(Try it) The response must be the exact lines from the line holding "[0:00.0-0:01.8]" through the end of the entries, with no pictures and nothing else.

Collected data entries
- - -
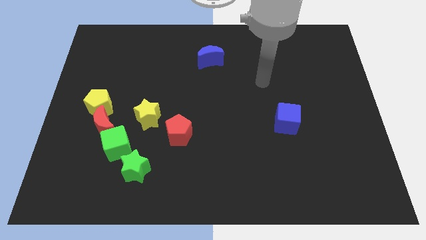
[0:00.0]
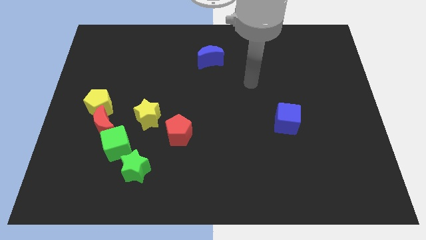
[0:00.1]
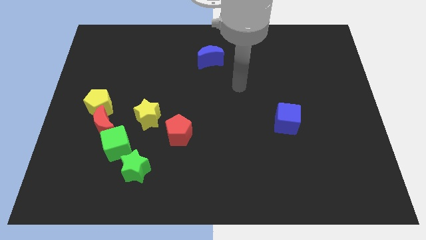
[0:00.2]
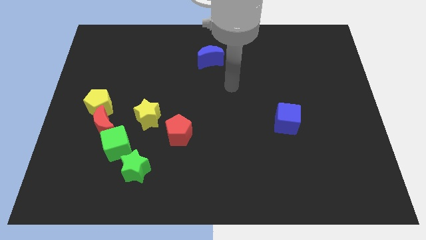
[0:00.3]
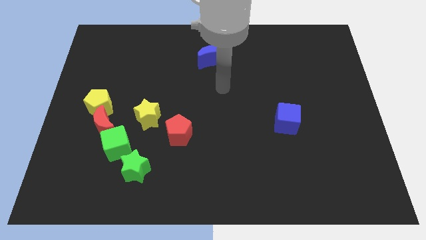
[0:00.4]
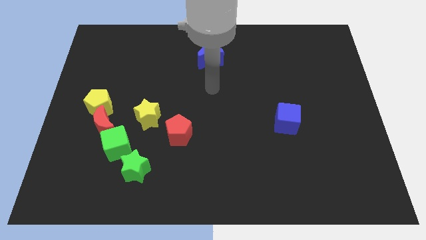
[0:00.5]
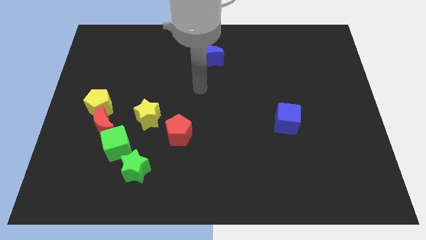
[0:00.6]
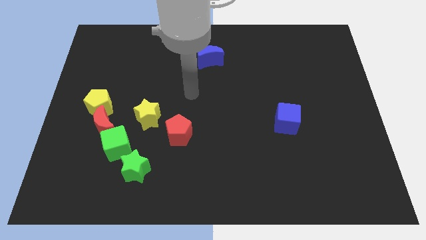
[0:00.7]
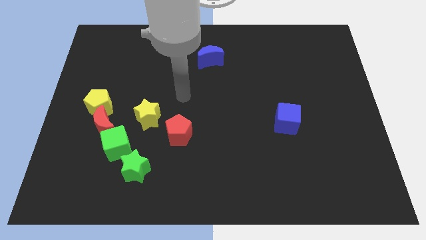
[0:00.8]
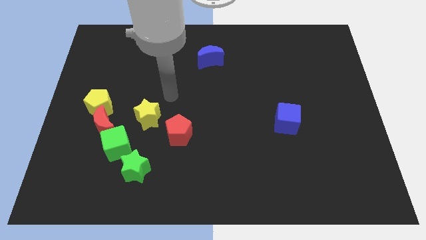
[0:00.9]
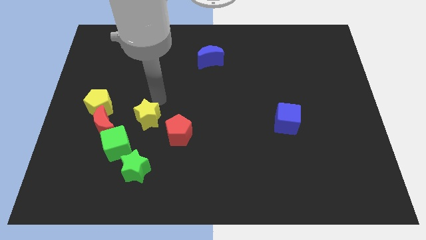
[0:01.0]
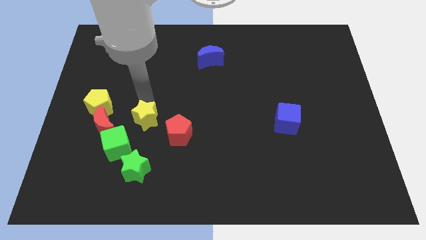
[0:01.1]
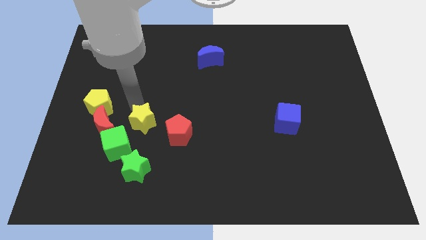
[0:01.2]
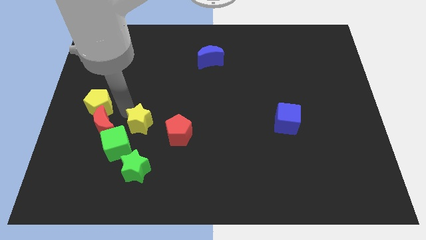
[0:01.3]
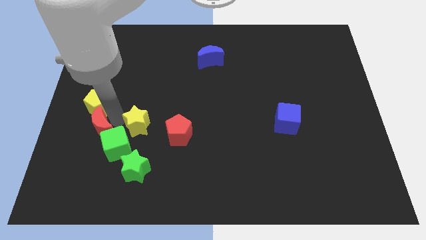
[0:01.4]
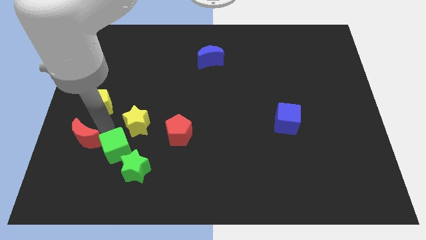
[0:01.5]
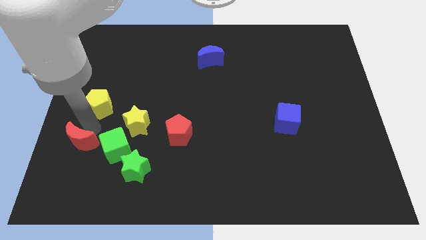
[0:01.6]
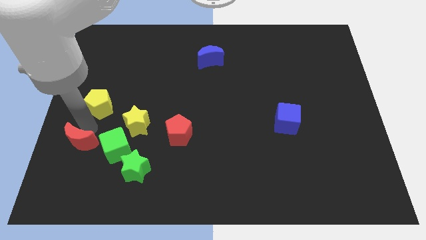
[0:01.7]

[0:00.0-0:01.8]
move the yellow pentagon away from the red moon

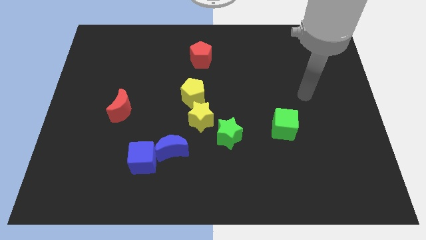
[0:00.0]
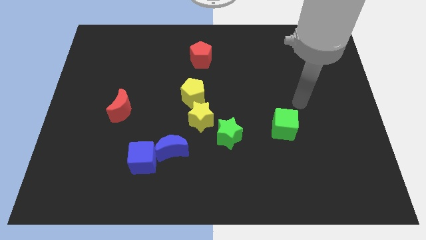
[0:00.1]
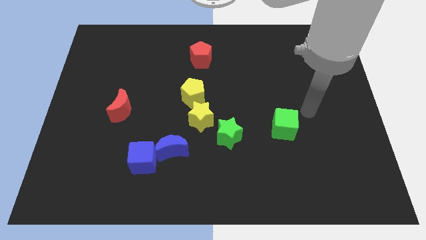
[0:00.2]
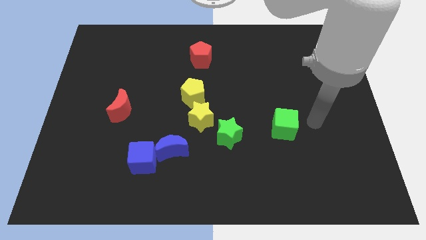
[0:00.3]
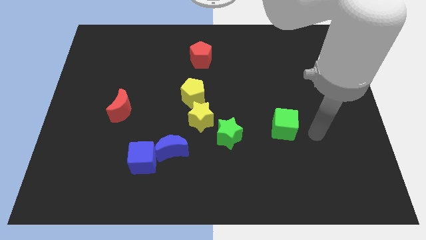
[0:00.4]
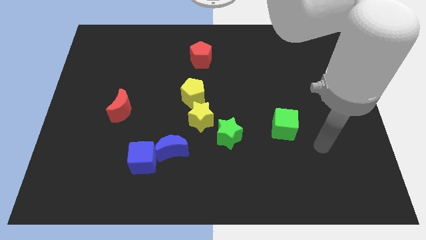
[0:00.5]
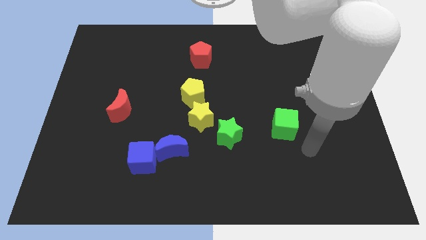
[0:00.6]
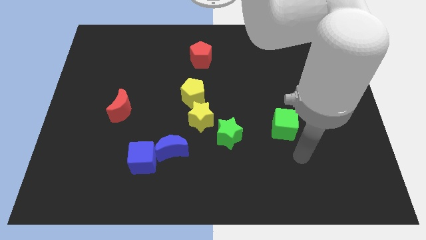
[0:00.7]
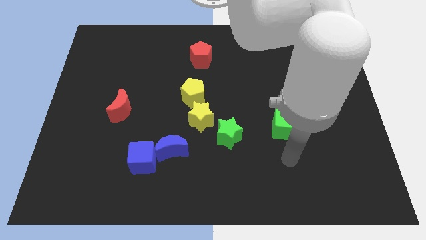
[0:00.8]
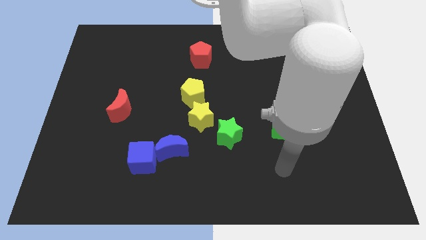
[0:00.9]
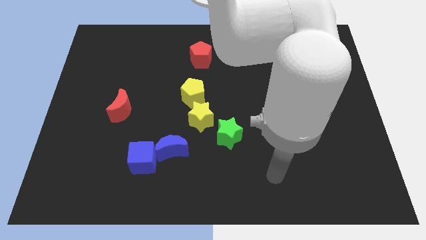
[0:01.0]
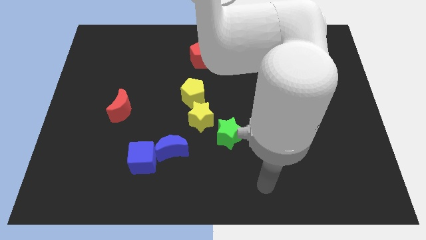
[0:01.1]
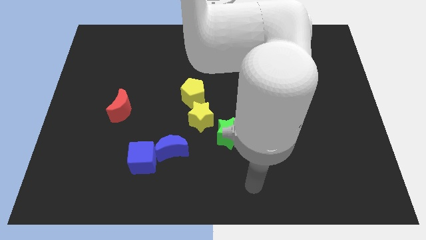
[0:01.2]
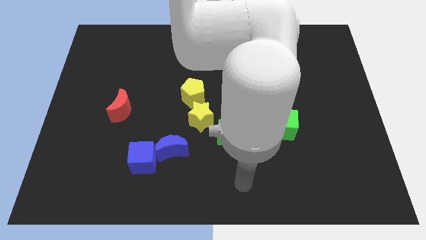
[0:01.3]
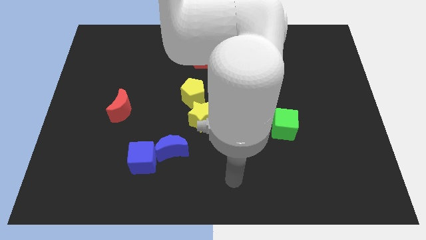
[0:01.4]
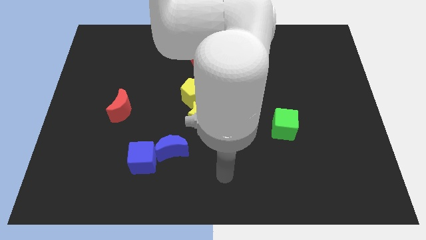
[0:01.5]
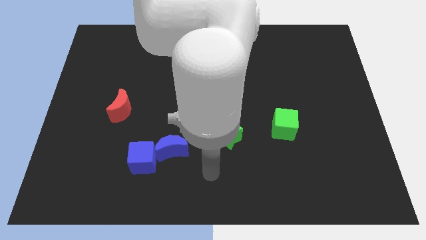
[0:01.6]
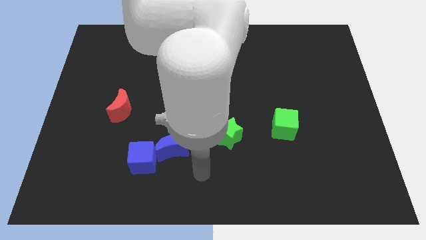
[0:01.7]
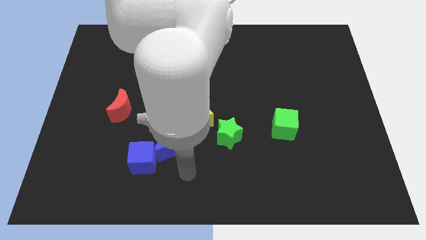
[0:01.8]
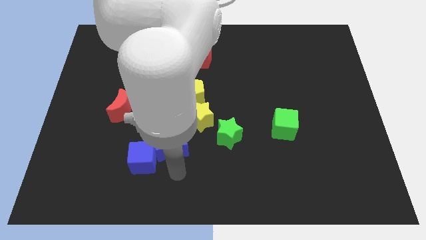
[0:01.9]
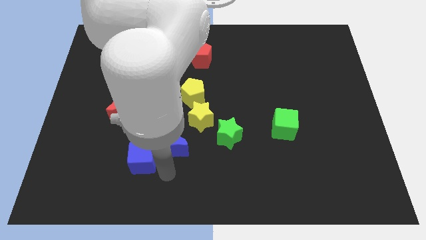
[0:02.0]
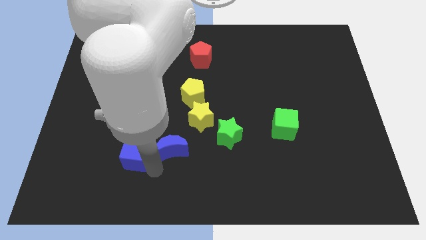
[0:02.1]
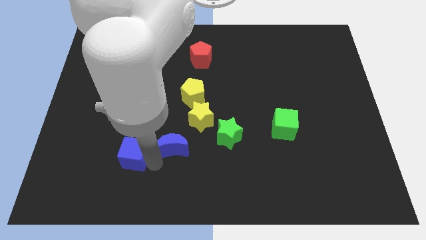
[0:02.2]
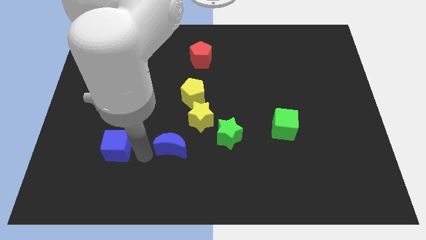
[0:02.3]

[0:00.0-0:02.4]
- - -
(Finished exercise)
[0:00.0-0:01.8]
move the yellow pentagon away from the red moon

[0:00.0]
[0:00.1]
[0:00.2]
[0:00.3]
[0:00.4]
[0:00.5]
[0:00.6]
[0:00.7]
[0:00.8]
[0:00.9]
[0:01.0]
[0:01.1]
[0:01.2]
[0:01.3]
[0:01.4]
[0:01.5]
[0:01.6]
[0:01.7]
[0:01.8]
[0:01.9]
[0:02.0]
[0:02.1]
[0:02.2]
[0:02.3]

[0:00.0-0:02.4]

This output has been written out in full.